A Demographic Model to Evaluate Population Declines in the Endangered Streaked Horned Lark

The Streaked Horned Lark (Eremophila alpestris strigata) is listed as endangered by the State of Washington, USA and by Canada under the Species at Risk Act and is also classified as a federal candidate for listing under the Endangered Species Act in the USA. A substantial portion of Streaked Horned Lark habitat has been lost or degraded, and range contraction has occurred in Oregon, Washington, and British Columbia. We estimate the vital rates (fecundity, adult and juvenile survival) and population growth rate (λ) for Streaked Horned Larks breeding in Washington, USA and conduct a Life-Stage Simulation Analysis (LSA) to evaluate which vital rate has the greatest influence on λ. We simulated changes in the three vital rates to examine how much they would need to be adjusted either independently or in concert to achieve a stable Streaked Horned Lark population (λ = 1). We also evaluated which fecundity component (the number of fledglings per egg laid or renesting interval) had the greatest impact on λ. The estimate of population growth suggests that Streaked Horned Larks in Washington are declining rapidly (λ = 0.62 ± 0.10) and that local breeding sites are not sustainable without immigration. The LSA results indicate that adult survival had the greatest influence on λ, followed by juvenile survival and fecundity.
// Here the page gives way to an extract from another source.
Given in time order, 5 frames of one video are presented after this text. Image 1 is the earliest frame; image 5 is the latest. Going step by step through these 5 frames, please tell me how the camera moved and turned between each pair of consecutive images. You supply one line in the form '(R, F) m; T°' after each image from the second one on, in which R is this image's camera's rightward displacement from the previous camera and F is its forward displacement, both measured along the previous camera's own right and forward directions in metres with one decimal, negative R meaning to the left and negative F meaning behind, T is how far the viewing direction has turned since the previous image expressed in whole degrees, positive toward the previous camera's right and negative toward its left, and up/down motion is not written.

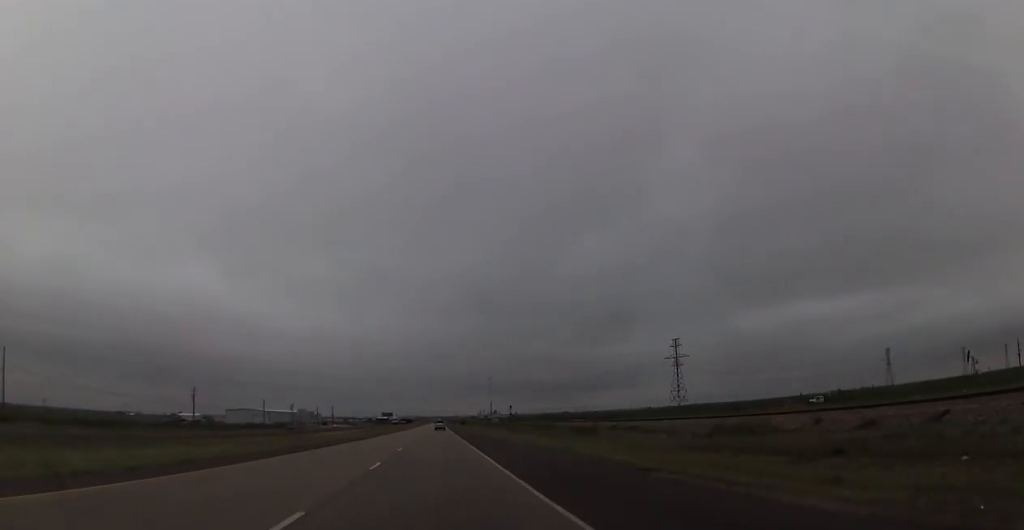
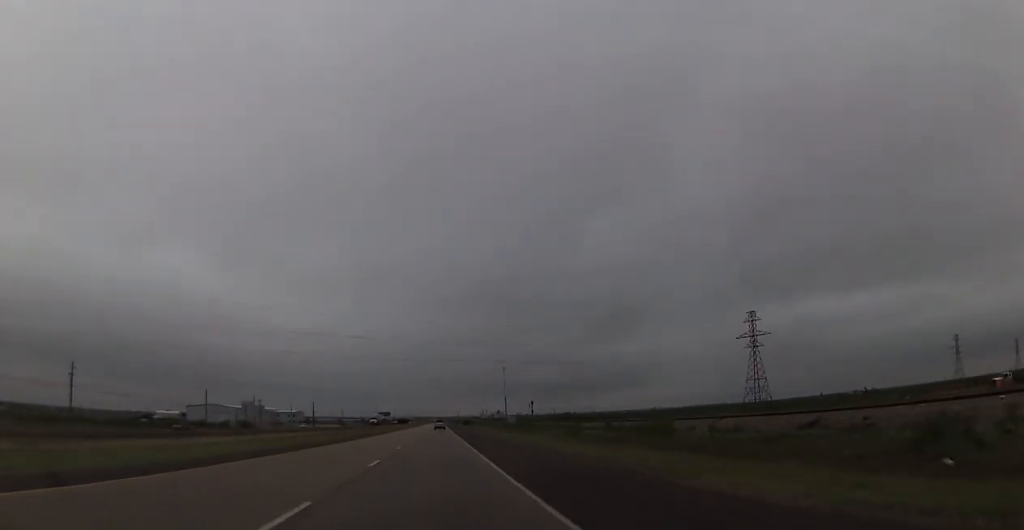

However, increases in vital rates led to λ = 1 only when adult survival was raised from 0.47 to 0.85, juvenile survival from 0.17 to 0.58, and fecundity from 0.91 to 3.09. Increases in breeding success and decreases in the renesting interval influenced λ similarly; however, λ did not reach 1 even when breeding success was raised to 100% or renesting intervals were reduced to 1 day. Only when all three vital rates were increased simultaneously did λ approach 1 without requiring highly unrealistic increases in each vital rate. We conclude that conservation activities need to target all or multiple vital rates to be successful. The baseline data presented here and subsequent efforts to manage Streaked Horned Larks will provide valuable information for management of other declining Horned Lark subspecies and other grassland songbirds across North America.